Freiheit für Deniz! Gegen die Einschränkung von zivilgesellschaftlichen Räumen weltweit

Wir sind mit der agl solidarisch mit Deniz Yücel und unterstützen die Kräfte, die sich für seine Freiheit und die aller anderen inhaftierten Journalisten in der Türkei einsetzen. Sie unterstützt die Kampagne #freeDeniz und die Unterzeichnung der Petition für Deniz unter www.freedeniz.de.

Die agl fordert die umgehende Freilassung des Journalisten Deniz Yücel in der Türkei. Seit Mitte Februar ist Deniz in Polizeigewahrsam in Istanbul, zwei Wochen später kam er in Untersuchungshaft. „Deniz muss sofort rauskommen. Die Haftgründe sind abstrus und klar politisch motiviert, weil er als Journalist kritische und differenzierte Artikel veröffentlich hat“, so der agl-Geschäftsführer Simon Ramirez-Voltaire.

Die agl erklärt sich solidarisch mit Deniz und unterstützt die Kräfte, die sich für seine Freiheit und die aller anderen inhaftierten Journalisten in der Türkei einsetzen. Sie unterstützt die Kampagne #freeDeniz und die Unterzeichnung der Petition für Deniz unter www.freedeniz.de. „Die Bundesregierung darf nicht nachlassen, sich auf allen Ebenen für seine Freiheit und die Pressefreiheit einzusetzen. Zivilgesellschaftliche Akteure und die Menschen hierzulande sind aufgerufen, dies weiterhin mit großem Nachdruck zu fordern, bis Deniz freigekommen ist. Deniz Yücel hat nichts anderes getan, als einen guten Job als Reporter“, so der agl-Vertreter. Zivilgesellschaftliche Organisationen beobachten seit längerem in verschiedenen Ländern dramatische Einschnitte der Pressefreiheit und Einschränkungen zivilgesellschaftlicher Handlungsspielräume: „Nicht nur Medien, sondern auch viele zivilgesellschaftliche Organisationen sind in Regimen mit autoritären Zügen immer weiter bedroht – auch in Ländern, die als demokratisch gelten. Die Handlungsräume der Zivilgesellschaft und auch der Entwicklungszusammenarbeit werden zunehmend beschnitten – wir müssen leider von einem Trend sprechen“, sagte Ramirez-Voltaire.

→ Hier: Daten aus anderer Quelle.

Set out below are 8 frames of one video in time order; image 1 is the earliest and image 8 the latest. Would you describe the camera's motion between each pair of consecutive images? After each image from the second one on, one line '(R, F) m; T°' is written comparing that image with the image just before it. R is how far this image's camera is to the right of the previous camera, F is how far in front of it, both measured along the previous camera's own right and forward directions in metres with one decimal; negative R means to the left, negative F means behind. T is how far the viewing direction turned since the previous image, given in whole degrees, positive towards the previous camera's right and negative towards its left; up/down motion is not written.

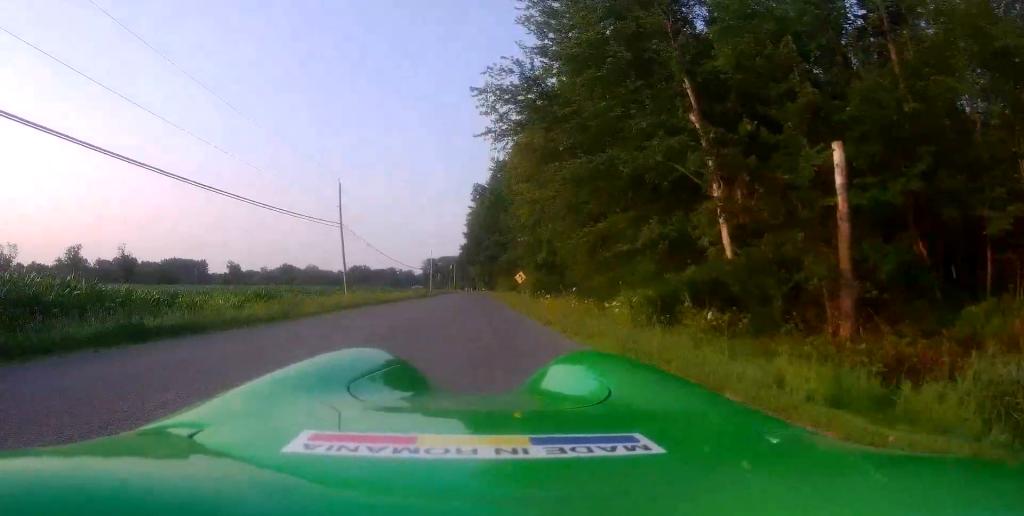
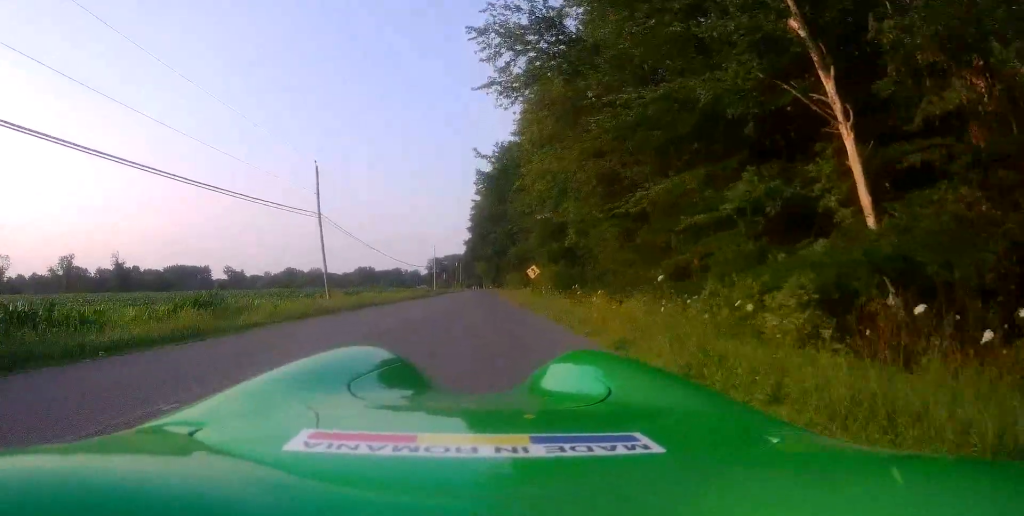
(0.0, +6.6) m; +1°
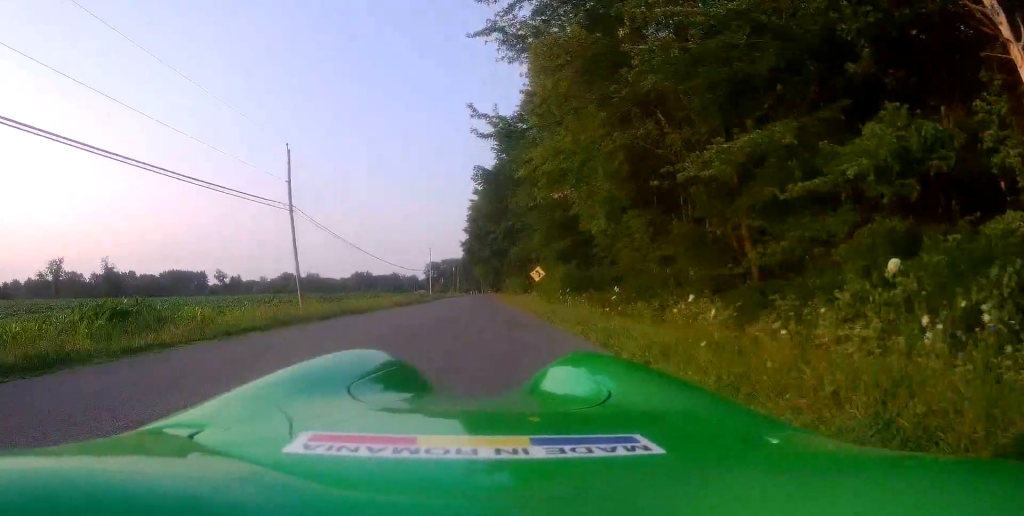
(+0.1, +4.8) m; 0°
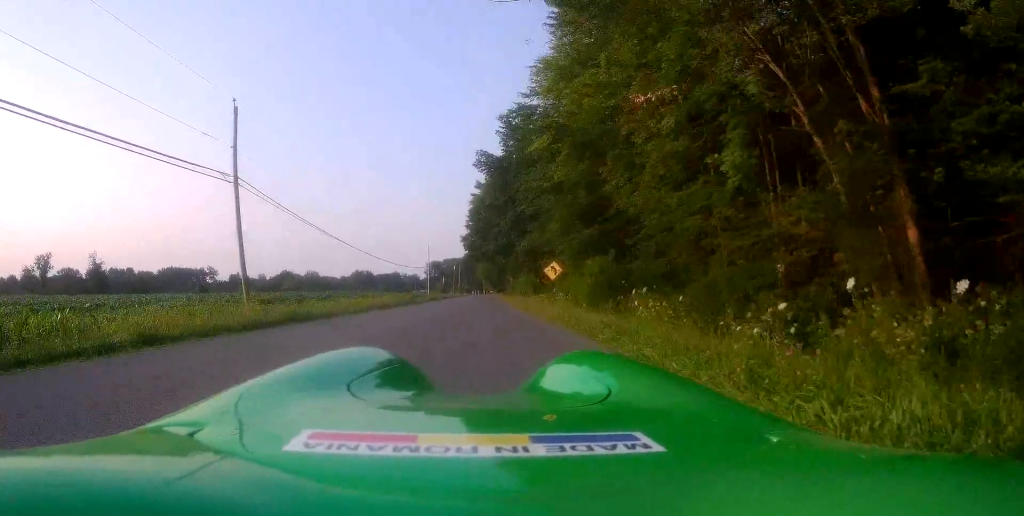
(+0.1, +7.5) m; 0°
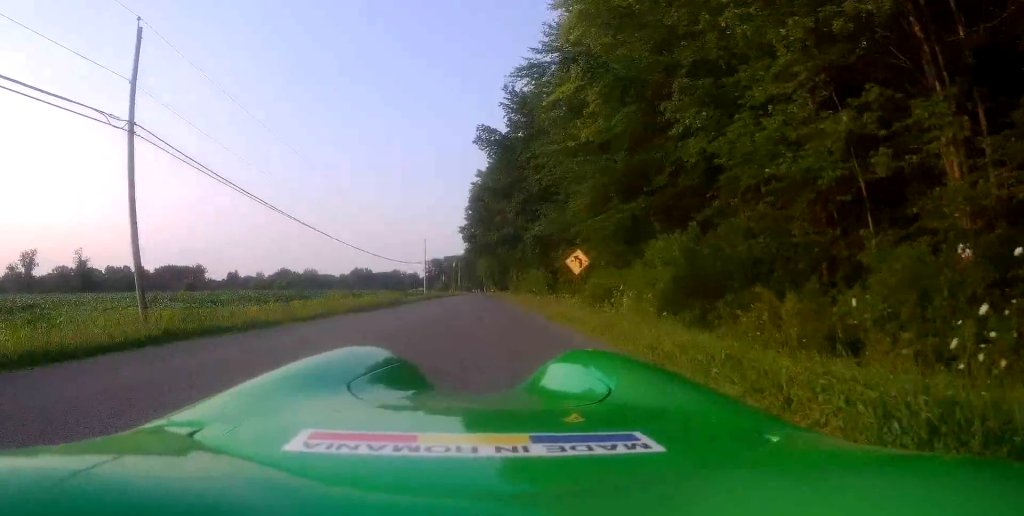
(-0.2, +7.9) m; -2°
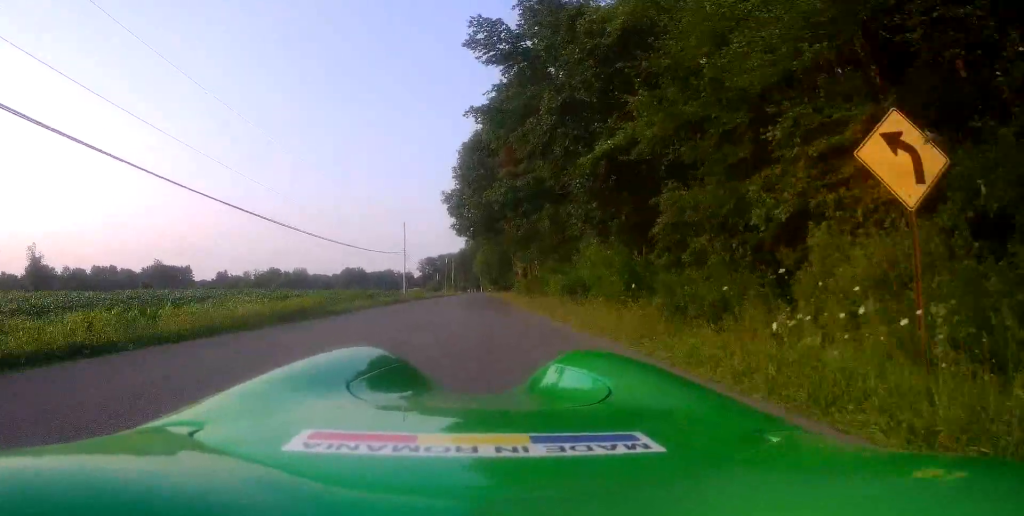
(-0.2, +19.2) m; -1°
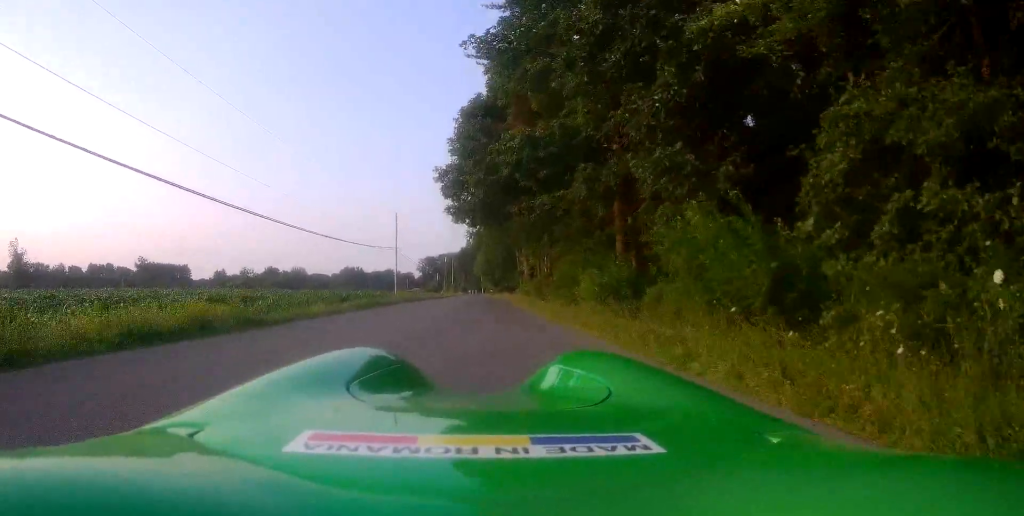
(0.0, +7.6) m; +3°
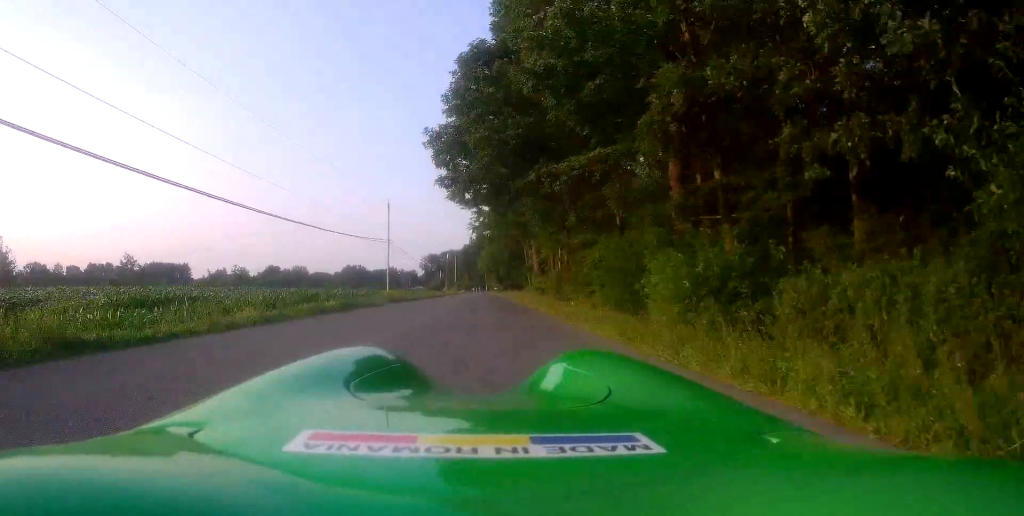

Zivilgesellschaftliche Organisationen leisten diese Auseinandersetzung unter dem Stichwort „Shrinking Spaces“. Die agl ruft dazu auf, dass sich Menschen in Deutschland, Mitarbeiter*innen von Verbänden und Nichtregierungsorganisationen und die Politik, dort, wo sie können, entschieden gegen diese Entwicklung und für die Demokratie sowie die Freiheit für Presse und Zivilgesellschaft einsetzen.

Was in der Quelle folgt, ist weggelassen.